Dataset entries
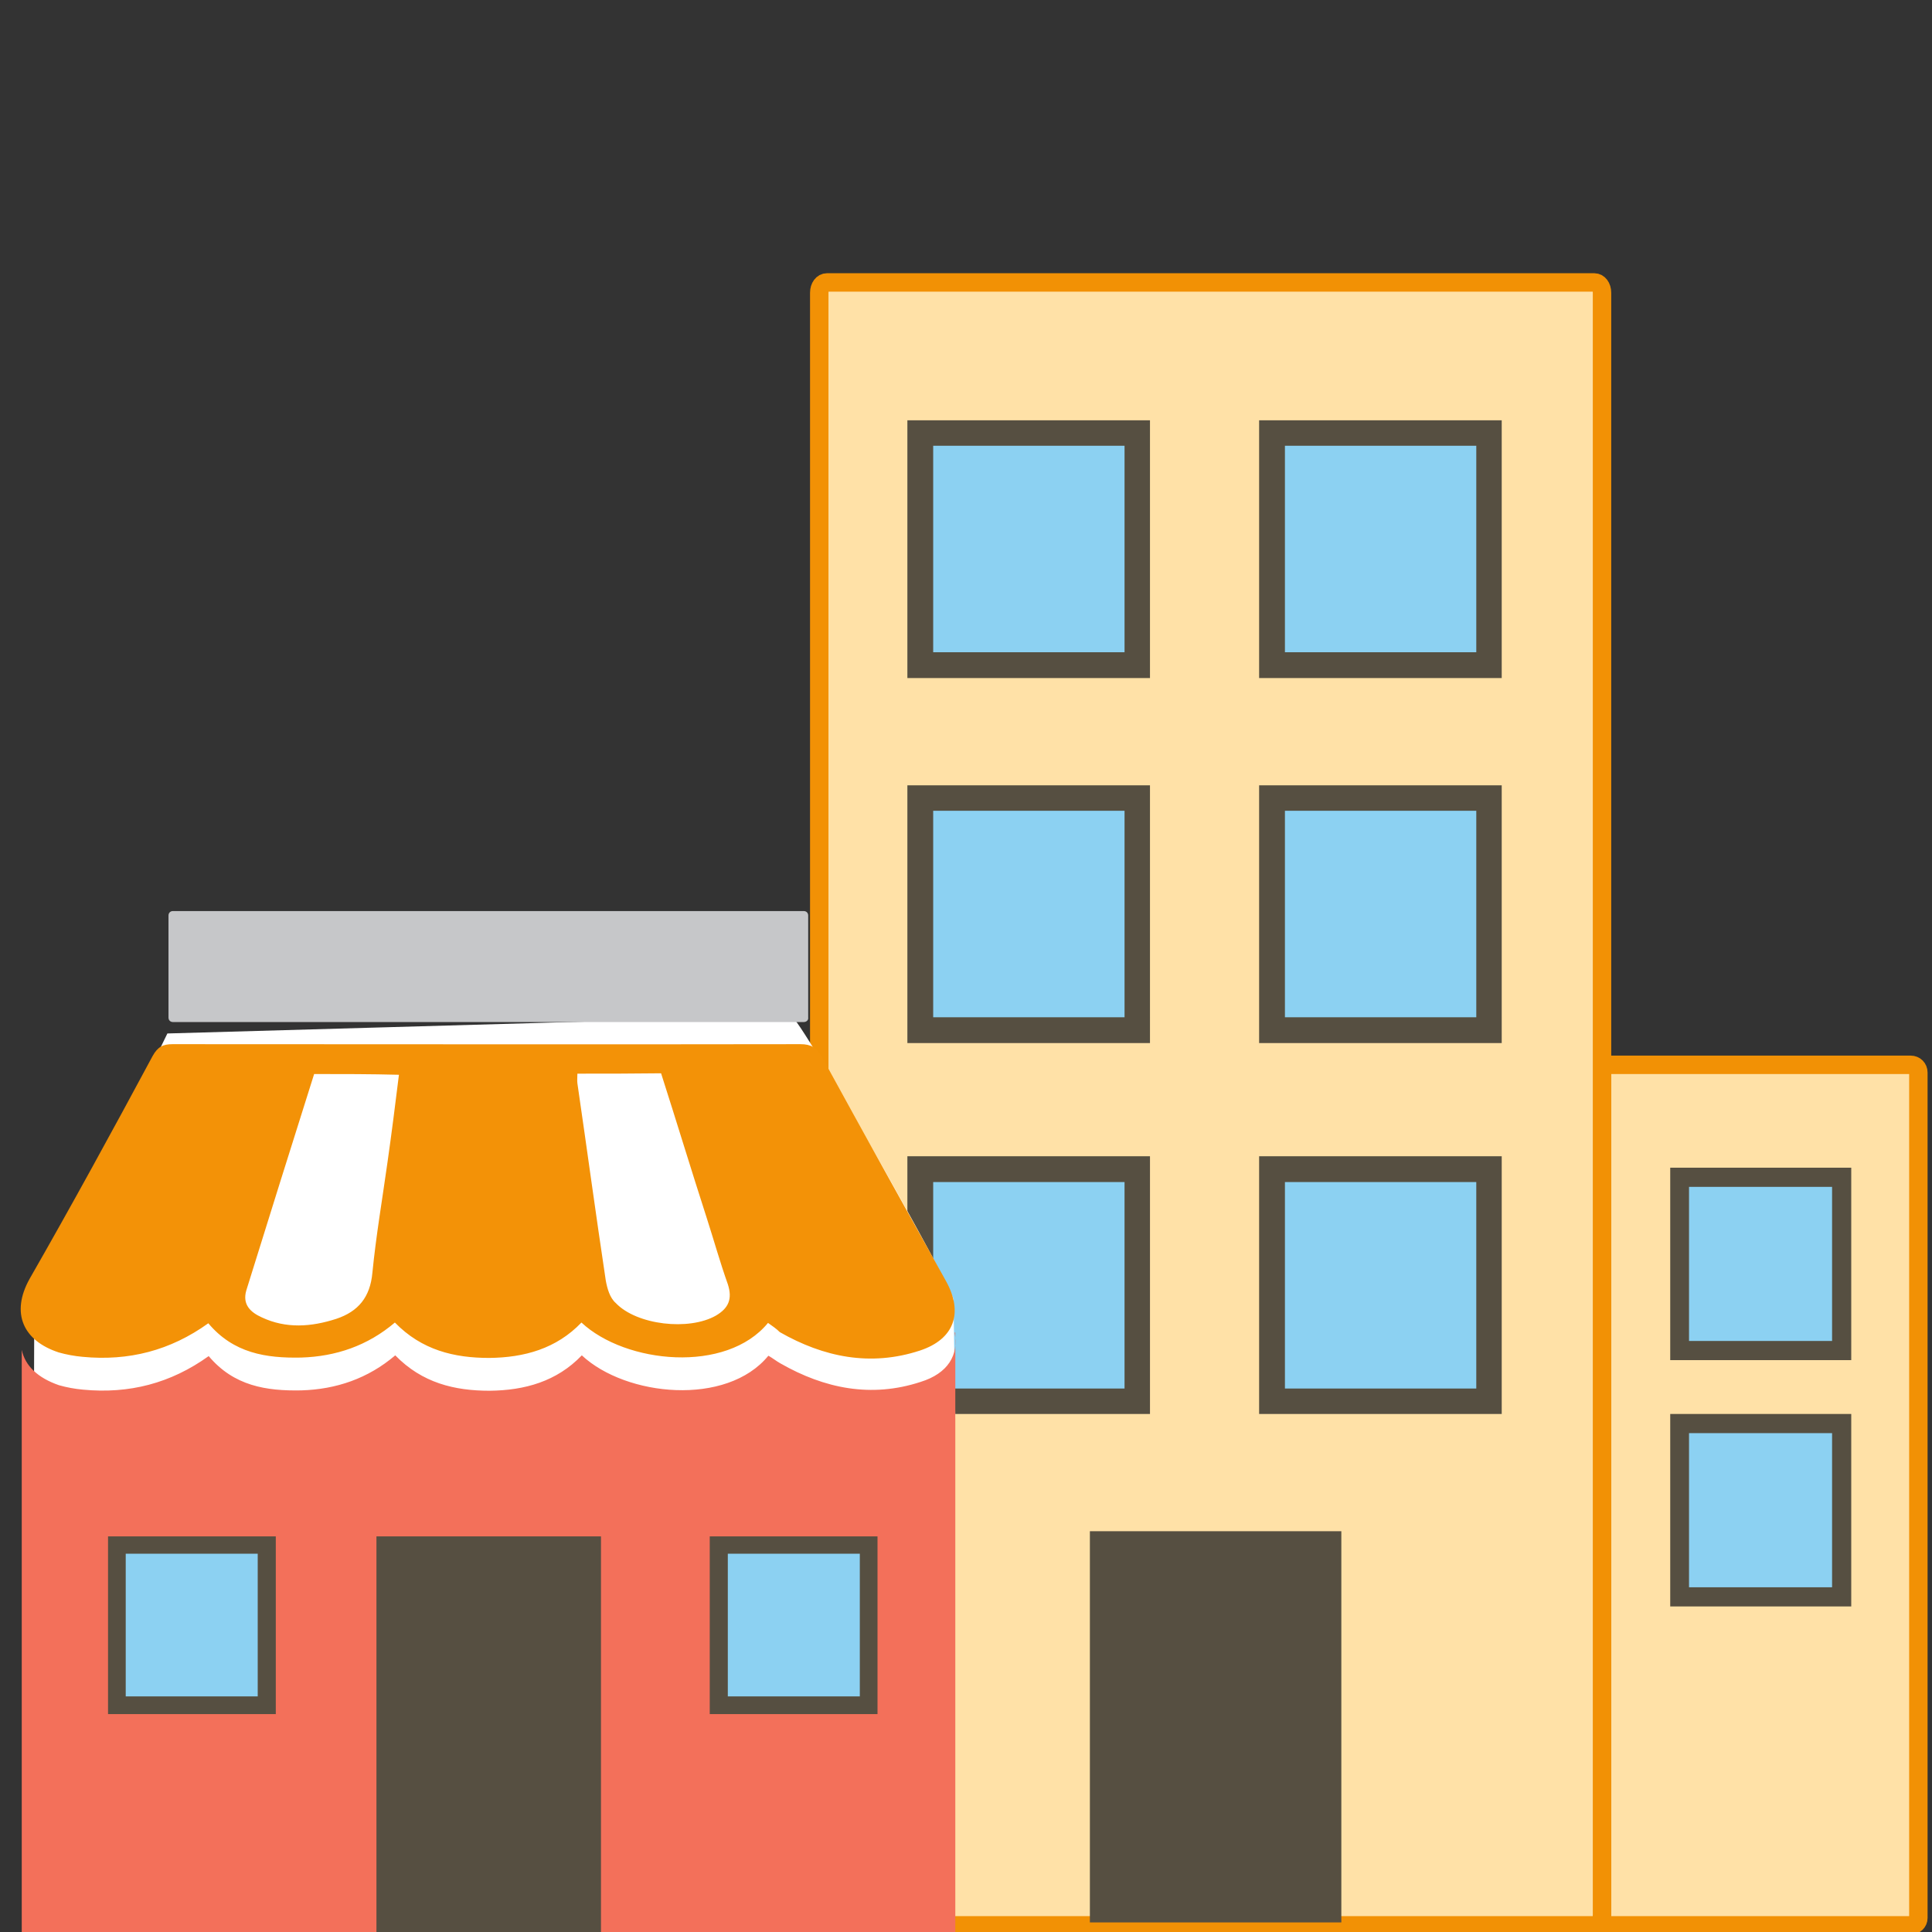 <?xml version="1.0" encoding="utf-8"?>
<!-- Generator: Adobe Illustrator 24.3.0, SVG Export Plug-In . SVG Version: 6.00 Build 0)  -->
<svg version="1.1" id="Ebene_1" xmlns="http://www.w3.org/2000/svg" xmlns:xlink="http://www.w3.org/1999/xlink" x="0px" y="0px"
	 viewBox="0 0 524 524" style="enable-background:new 0 0 524 524;" xml:space="preserve">
<rect x="0" y="0" width="524" height="524" fill="#333333" stroke="none"/>
<style type="text/css">
	.st0{fill:#FFE1A7;stroke:#F29105;stroke-width:5;stroke-miterlimit:10;}
	.st1{fill:#8CD1F2;}
	.st2{fill:#564F41;}
	.st3{clip-path:url(#SVGID_2_);fill:#FFFFFF;}
	.st4{clip-path:url(#SVGID_2_);}
	.st5{fill:#C6C7C9;}
	.st6{fill:#F3705A;}
	.st7{fill:#F39207;}
</style>
<g>
	<g>
		<path class="st0" d="M518.2,522.2h-81.6c-1.2,0-2.1-0.9-2.1-2.1V290.9c0-1.2,0.9-2.1,2.1-2.1h81.6c1.2,0,2.1,0.9,2.1,2.1v229.3
			C520.3,521.3,519.4,522.2,518.2,522.2z"/>
		<path class="st0" d="M432.4,522.2H224.3c-1.2,0-2.1-1.2-2.1-2.8v-440c0-1.6,0.9-2.8,2.1-2.8h208.1c1.2,0,2.1,1.2,2.1,2.8v440
			C434.5,521,433.6,522.2,432.4,522.2z"/>
		<g>
			<rect x="455.6" y="319.3" class="st1" width="44" height="47"/>
			<path class="st2" d="M502.1,368.9H453v-52.2h49.1V368.9z M458.1,363.7h38.8v-41.8h-38.8V363.7z"/>
		</g>
		<g>
			<rect x="249.6" y="216.5" class="st1" width="58.9" height="62.9"/>
			<path class="st2" d="M311.9,282.9h-65.8V213h65.8V282.9z M253.1,275.9H305v-56h-51.9V275.9z"/>
		</g>
		<g>
			<rect x="345.1" y="216.5" class="st1" width="58.9" height="62.9"/>
			<path class="st2" d="M407.3,282.9h-65.8V213h65.8V282.9z M348.5,275.9h51.9v-56h-51.9V275.9z"/>
		</g>
		<g>
			<rect x="249.6" y="117.5" class="st1" width="58.9" height="62.9"/>
			<path class="st2" d="M311.9,183.9h-65.8V114h65.8V183.9z M253.1,176.9H305v-56h-51.9V176.9z"/>
		</g>
		<g>
			<rect x="345.1" y="117.5" class="st1" width="58.9" height="62.9"/>
			<path class="st2" d="M407.3,183.9h-65.8V114h65.8V183.9z M348.5,176.9h51.9v-56h-51.9V176.9z"/>
		</g>
		<g>
			<rect x="249.6" y="317.1" class="st1" width="58.9" height="62.9"/>
			<path class="st2" d="M311.9,383.5h-65.8v-69.9h65.8V383.5z M253.1,376.6H305v-56h-51.9V376.6z"/>
		</g>
		<g>
			<rect x="345.1" y="317.1" class="st1" width="58.9" height="62.9"/>
			<path class="st2" d="M407.3,383.5h-65.8v-69.9h65.8V383.5z M348.5,376.6h51.9v-56h-51.9V376.6z"/>
		</g>
		<g>
			<rect x="455.6" y="386" class="st1" width="44" height="47"/>
			<path class="st2" d="M502.1,435.7H453v-52.2h49.1V435.7z M458.1,430.5h38.8v-41.8h-38.8V430.5z"/>
		</g>
		<rect x="295.6" y="415.3" class="st2" width="68.2" height="106.1"/>
	</g>
	<g>
		<g>
			<defs>
				<rect id="SVGID_1_" x="-9" y="53.4" width="500.7" height="502.7"/>
			</defs>
			<clipPath id="SVGID_2_">
				<use xlink:href="#SVGID_1_"  style="overflow:visible;"/>
			</clipPath>
			<path class="st3" d="M9.2,384.6h249.9l-0.5-32.2c0-2.5-41.7-76.9-44.1-76.9l-169.1,4.8l-36.1,74L9.2,384.6z"/>
			<g class="st4">
				<path class="st5" d="M218,277.2H46.9c-0.7,0-1.2-0.5-1.2-1.2v-27.7c0-0.7,0.5-1.2,1.2-1.2H218c0.7,0,1.2,0.5,1.2,1.2V276
					C219.3,276.6,218.8,277.2,218,277.2z"/>
				<g>
					<path class="st6" d="M258.9,361.4c1.2,6.1-1.8,11.1-9.2,13.4c-13.4,4.4-26.1,1.8-38-5c-1.1-0.6-2.2-1.5-3.3-2.1
						c-11.3,13.8-38.6,11.1-50.6-0.1c-6.8,7.1-15.5,9.5-25,9.6c-9.5,0-18.3-2.1-25.6-9.6c-7.4,6.3-16,9.2-25.4,9.5
						c-9.6,0.2-18.4-1.2-25.2-9.3c-10.3,7.4-21.6,10.3-34.1,9.1c-2.2-0.2-4.4-0.6-6.5-1.2c-5.8-2-9.2-5.3-10.1-9.6v158.8h253.2
						V361.4H258.9z"/>
				</g>
				<path class="st7" d="M208.3,358.8c-11.3,13.8-38.6,11.1-50.6-0.1c-6.8,7.1-15.5,9.5-25,9.6c-9.5,0-18.3-2.1-25.6-9.6
					c-7.4,6.3-16,9.2-25.4,9.5c-9.6,0.2-18.4-1.2-25.2-9.3c-10.3,7.4-21.6,10.3-34.1,9.1c-2.2-0.2-4.4-0.6-6.5-1.2
					c-9.7-3.2-13-10.7-7.9-19.9c11.4-19.9,22.5-40.2,33.4-60.5c1.4-2.5,2.8-3.2,5.4-3.2c56.7,0,113.5,0.1,170.3,0
					c2.8,0,4.4,0.9,5.8,3.4c11.1,20.3,22.4,40.6,33.7,60.9c4.7,8.5,2.3,15.7-7.1,18.8c-13.4,4.4-26.1,1.8-38-5
					C210.5,360.3,209.4,359.6,208.3,358.8z M85.2,291.3C79,310.9,72.9,330.4,66.8,350c-1.1,3.8,1.1,5.9,4.2,7.3
					c6.6,3.1,13.4,2.6,20.2,0.4c6-2,9.2-5.9,9.8-12.5c1-10.1,2.7-20,4.1-30c1.1-7.7,2.1-15.6,3.1-23.7
					C100.4,291.3,93.1,291.3,85.2,291.3z M156.6,291.2c0,1.1-0.1,1.8,0,2.6c2.6,17.8,5,35.6,7.7,53.5c0.4,2.2,1.1,4.7,2.7,6.1
					c5.7,6,19.9,7.6,27.2,3.4c3.4-2,4.5-4.5,3.2-8.5c-2.1-5.9-3.8-12-5.7-17.9c-4.2-13-8.2-26.2-12.4-39.3
					C171.7,291.2,164.4,291.2,156.6,291.2z"/>
				<rect x="102.1" y="416.7" class="st2" width="60.9" height="107.9"/>
				<g>
					<rect x="31.7" y="419.1" class="st1" width="40.6" height="43.5"/>
					<path class="st2" d="M74.8,464.9H29.3v-48.2h45.5L74.8,464.9L74.8,464.9z M34.1,460.1h35.8v-38.7H34.1V460.1z"/>
				</g>
				<g>
					<rect x="195.1" y="419.1" class="st1" width="40.6" height="43.5"/>
					<path class="st2" d="M238,464.9h-45.5v-48.2H238V464.9L238,464.9z M197.4,460.1h35.8v-38.7h-35.8V460.1z"/>
				</g>
			</g>
		</g>
		<g>
			<defs>
				<rect id="SVGID_3_" x="-9" y="53.4" width="500.7" height="502.7"/>
			</defs>
			<clipPath id="SVGID_4_">
				<use xlink:href="#SVGID_3_"  style="overflow:visible;"/>
			</clipPath>
		</g>
	</g>
</g>
</svg>

INSTRUCTIONS FOR THE TASK. Lines with "stroke": return each one from the data above.

REPLY.
<rect x="0" y="0" width="524" height="524" fill="#333333" stroke="none"/>
	.st0{fill:#FFE1A7;stroke:#F29105;stroke-width:5;stroke-miterlimit:10;}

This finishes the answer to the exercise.